To solve these questions, we need to use stoichiometry, which is the study of the quantitative relationships between reactants and products in a chemical reaction. Stoichiometry allows us to calculate the amount of products formed based on the amounts of reactants.
First, let's write the balanced chemical equation for the reaction:
CH4 + Cl2 -> CH3Cl + CH2Cl2 + CHCl3 + CCl4
a) To find the grams of CCl4 formed, we need to determine the molar mass of CH3Cl, CH2Cl2, CHCl3, and CCl4.
- CH3Cl (methyl chloride) has a molar mass of 50.49 g/mol
- CH2Cl2 (dichloromethane) has a molar mass of 84.93 g/mol
- CHCl3 (trichloromethane) has a molar mass of 119.38 g/mol
- CCl4 (carbon tetrachloride) has a molar mass of 153.82 g/mol
Next, we can use the given masses of CH3Cl, CH2Cl2, and CHCl3 to find the number of moles for each product.
- Moles of CH3Cl = mass of CH3Cl / molar mass of CH3Cl
- Moles of CH2Cl2 = mass of CH2Cl2 / molar mass of CH2Cl2
- Moles of CHCl3 = mass of CHCl3 / molar mass of CHCl3
Now, let's calculate these values using the given masses:
Moles of CH3Cl = 5.0 g / 50.49 g/mol = 0.099 mol
Moles of CH2Cl2 = 25.5 g / 84.93 g/mol = 0.300 mol
Moles of CHCl3 = 59.0 g / 119.38 g/mol = 0.494 mol
Since all the CH4 reacted, we can assume that the moles of CH4 is equal to the sum of the moles of the products.
Total moles of products = Moles of CH3Cl + Moles of CH2Cl2 + Moles of CHCl3 + Moles of CCl4
Total moles of products = 0.099 mol + 0.300 mol + 0.494 mol + Moles of CCl4
Since we are asked to find the grams of CCl4, we need to convert the moles of CCl4 to grams using its molar mass of 153.82 g/mol.
- Moles of CCl4 = Total moles of products - (Moles of CH3Cl + Moles of CH2Cl2 + Moles of CHCl3)
- Moles of CCl4 = 0.893 mol - (0.099 mol + 0.300 mol + 0.494 mol)
- Moles of CCl4 = 0.893 mol - 0.893 mol
- Moles of CCl4 = 0
Since there are no moles of CCl4, the mass of CCl4 formed is zero.
Therefore, a) The amount of CCl4 formed is 0 grams.
b) The theoretical yield of CCl4 is the maximum amount of CCl4 that can be produced based on the amount of available CH4. Since all the CH4 reacted and no CCl4 formed, the theoretical yield of CCl4 is also 0 grams.
c) The percentage yield of CCl4 is a measure of the efficiency of the reaction.

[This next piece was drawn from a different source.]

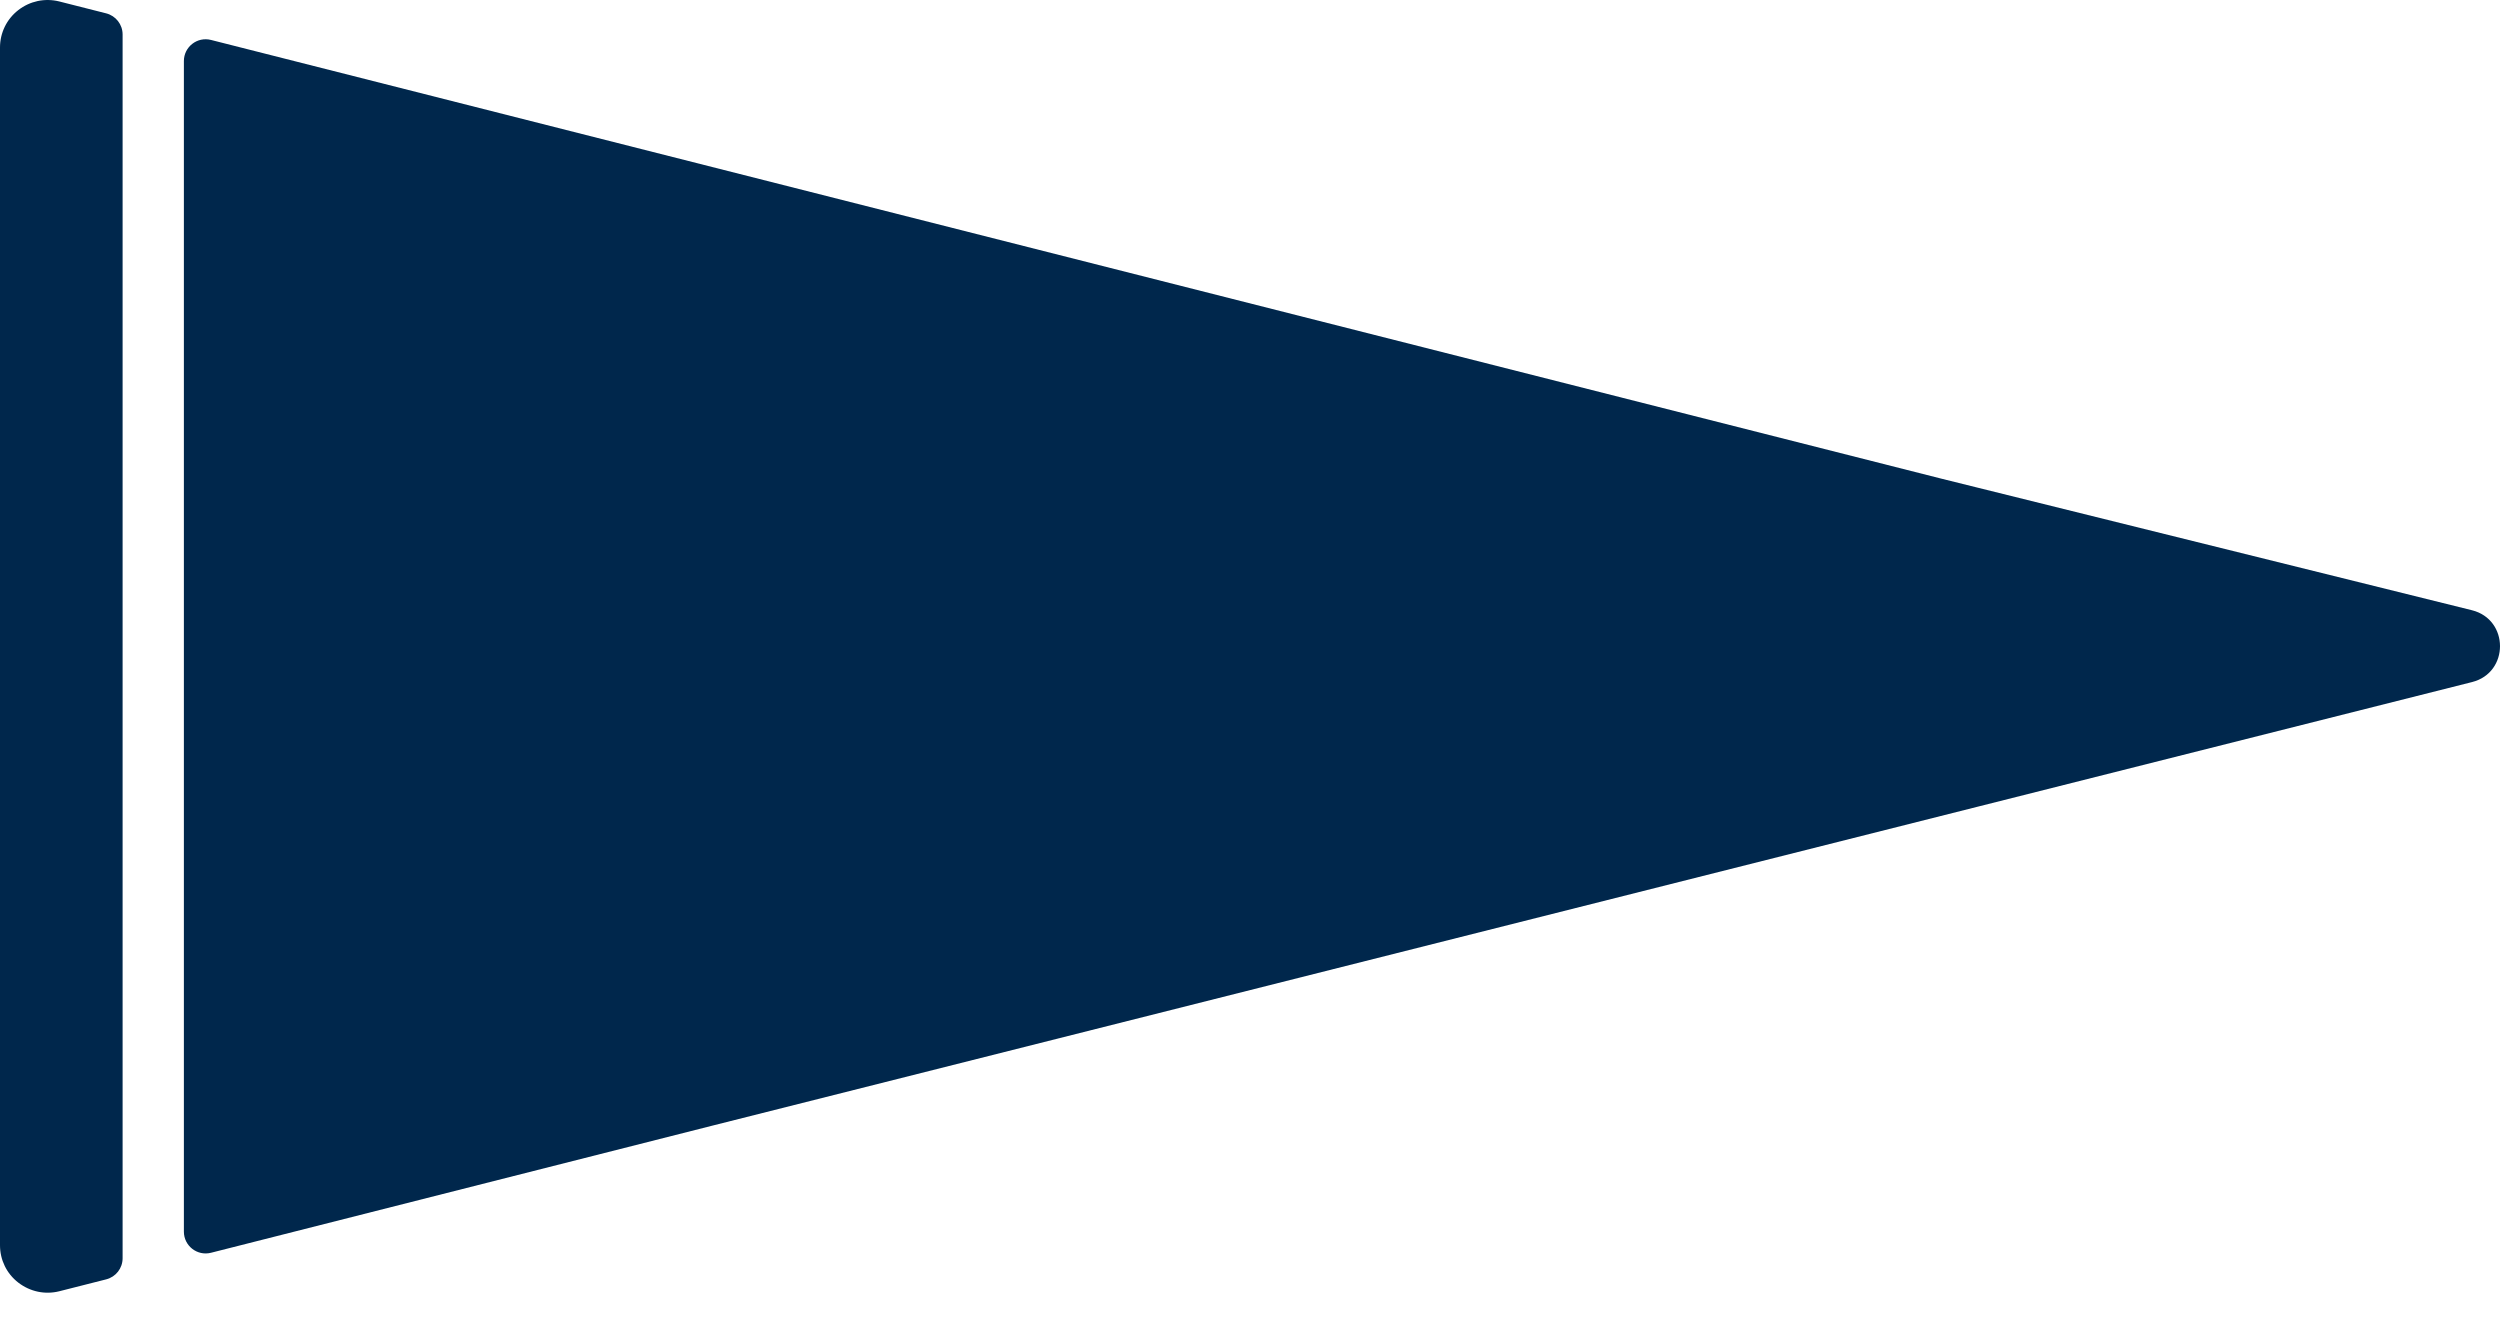 <svg width="47" height="25" viewBox="0 0 47 25" fill="none" xmlns="http://www.w3.org/2000/svg">
<path d="M2.305 0.648C2.305 0.46 2.177 0.297 1.996 0.251L1.113 0.027C0.842 -0.04 0.563 0.02 0.344 0.19C0.125 0.36 0 0.618 0 0.893V4.012V5.351V18.915V21.54V23.41C0 23.686 0.124 23.943 0.344 24.113C0.565 24.283 0.844 24.343 1.113 24.276L1.996 24.052C2.178 24.006 2.305 23.843 2.305 23.655V0.648Z" fill="#00274C"/>
<path d="M46.471 11.472L37.176 9.167L36.503 9L3.967 0.751C3.708 0.685 3.457 0.881 3.457 1.148V23.155C3.457 23.422 3.708 23.618 3.967 23.552L13.369 21.168L37.176 15.167L46.474 12.823C47.177 12.646 47.175 11.647 46.471 11.472Z" fill="#00274C"/>
</svg>

It is calculated by dividing the actual yield (0 grams) by the theoretical yield (0 grams) and multiplying by 100.
Percentage yield = (Actual yield / Theoretical yield) * 100
Percentage yield = (0 g / 0 g) * 100
Percentage yield is undefined.
d) Since all the CH4 reacted, the moles of Cl2 needed was in a 1:1 ratio with the moles of CH4. Therefore, the moles of Cl2 consumed is equal to the moles of CH4.
Moles of Cl2 reacted = Moles of CH4 = 0.893 mol
To find the grams of Cl2 reacted, we need to use its molar mass of 70.91 g/mol.
Mass of Cl2 reacted = Moles of Cl2 reacted x Molar mass of Cl2
Mass of Cl2 reacted = 0.893 mol x 70.91 g/mol
Mass of Cl2 reacted = 63.44 g
Therefore, d) The mass of Cl2 reacted with the CH4 is 63.44 grams.